[GIVEN DATA — start]
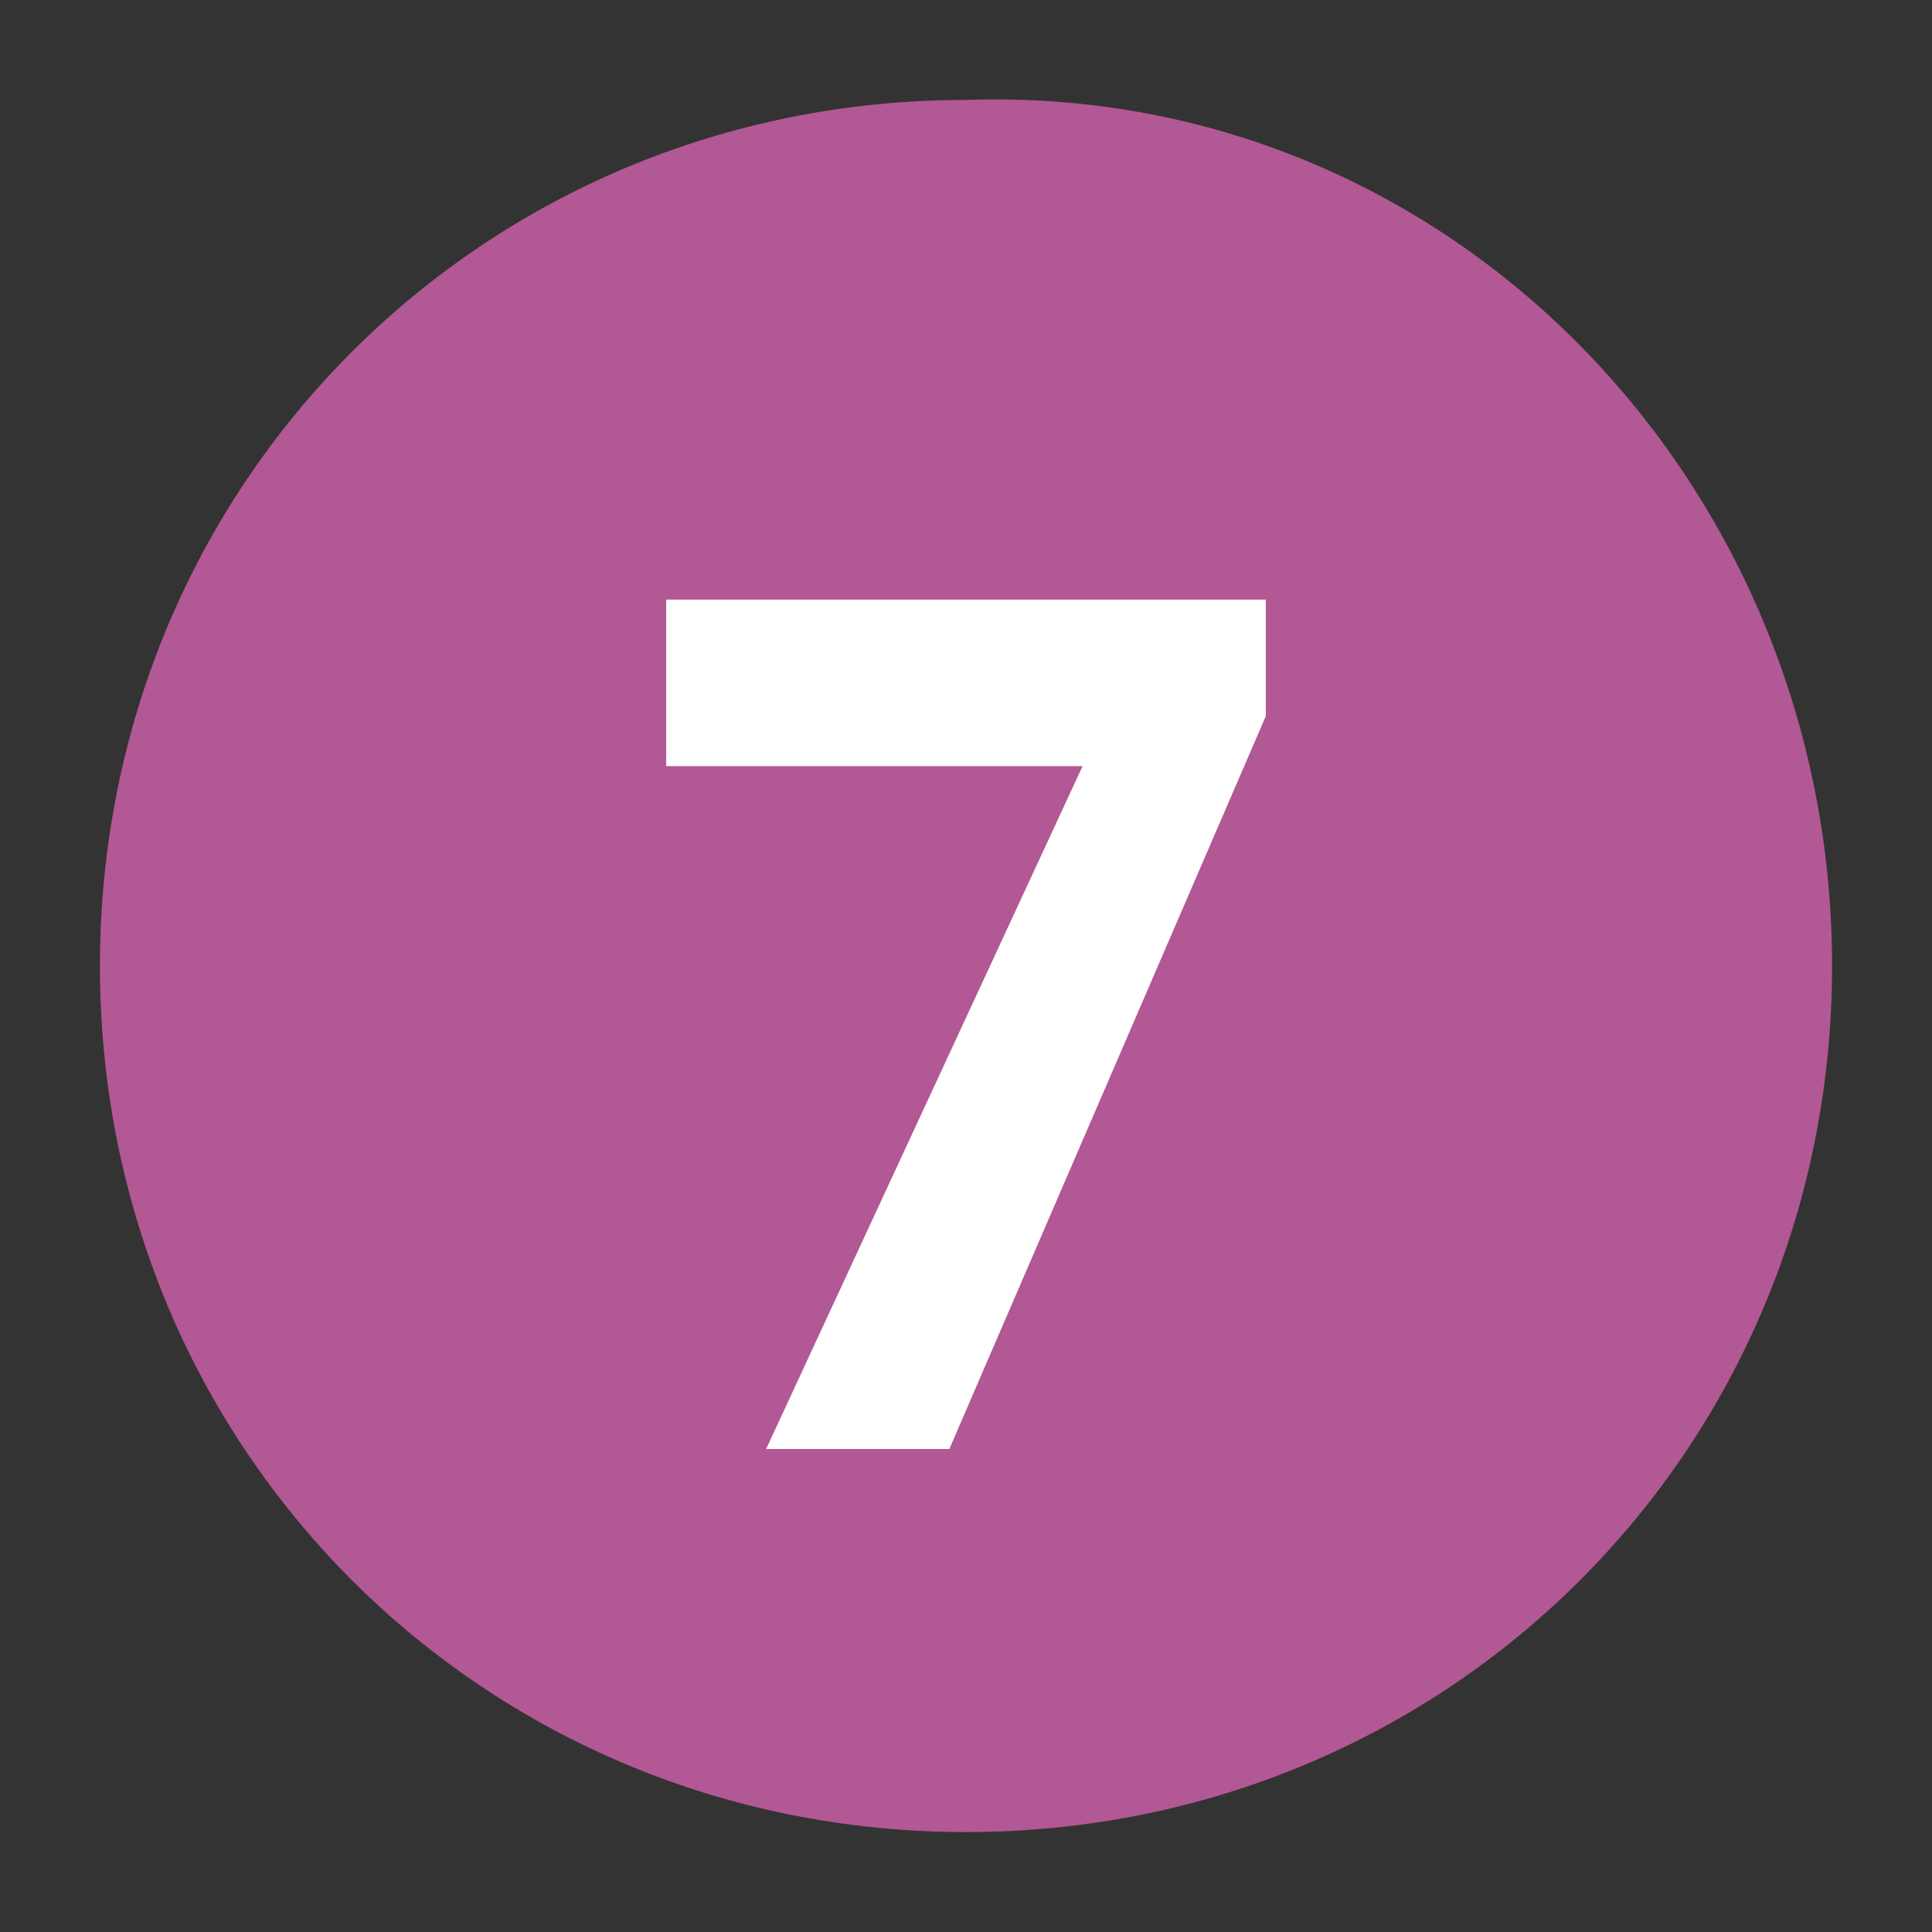 <?xml version="1.0" encoding="utf-8"?>
<!-- Generator: Adobe Illustrator 25.4.0, SVG Export Plug-In . SVG Version: 6.00 Build 0)  -->
<svg version="1.1" id="Laag_1" xmlns="http://www.w3.org/2000/svg" xmlns:xlink="http://www.w3.org/1999/xlink" x="0px" y="0px"
	 viewBox="0 0 11.6 11.6" style="enable-background:new 0 0 11.6 11.6;" xml:space="preserve">
<rect x="0" y="0" width="11.6" height="11.6" fill="#333333" stroke="none"/>
<style type="text/css">
	.st0{fill:#B25894;}
	.st1{fill:#FFFFFF;}
</style>
<path class="st0" d="M11,5.8C11,8.7,8.7,11,5.8,11S0.6,8.7,0.6,5.8s2.3-5.2,5.2-5.2c0,0,0,0,0,0C8.7,0.5,11,2.9,11,5.8
	C11,5.8,11,5.8,11,5.8z"/>
<path class="st1" d="M4.6,8.7l1.9-4.1H4V3.6h3.6v0.7L5.7,8.7H4.6z"/>
</svg>
[GIVEN DATA — finish]
- _EXERCISE_
The task calls for every line of the data to be returned exactly, without pictures.

- _EXERCISE RESULT_
 <?xml version="1.0" encoding="utf-8"?>
<!-- Generator: Adobe Illustrator 25.4.0, SVG Export Plug-In . SVG Version: 6.00 Build 0)  -->
<svg version="1.1" id="Laag_1" xmlns="http://www.w3.org/2000/svg" xmlns:xlink="http://www.w3.org/1999/xlink" x="0px" y="0px"
	 viewBox="0 0 11.6 11.6" style="enable-background:new 0 0 11.6 11.6;" xml:space="preserve">
<rect x="0" y="0" width="11.6" height="11.6" fill="#333333" stroke="none"/>
<style type="text/css">
	.st0{fill:#B25894;}
	.st1{fill:#FFFFFF;}
</style>
<path class="st0" d="M11,5.8C11,8.7,8.7,11,5.8,11S0.6,8.7,0.6,5.8s2.3-5.2,5.2-5.2c0,0,0,0,0,0C8.7,0.5,11,2.9,11,5.8
	C11,5.8,11,5.8,11,5.8z"/>
<path class="st1" d="M4.6,8.7l1.9-4.1H4V3.6h3.6v0.7L5.7,8.7H4.6z"/>
</svg>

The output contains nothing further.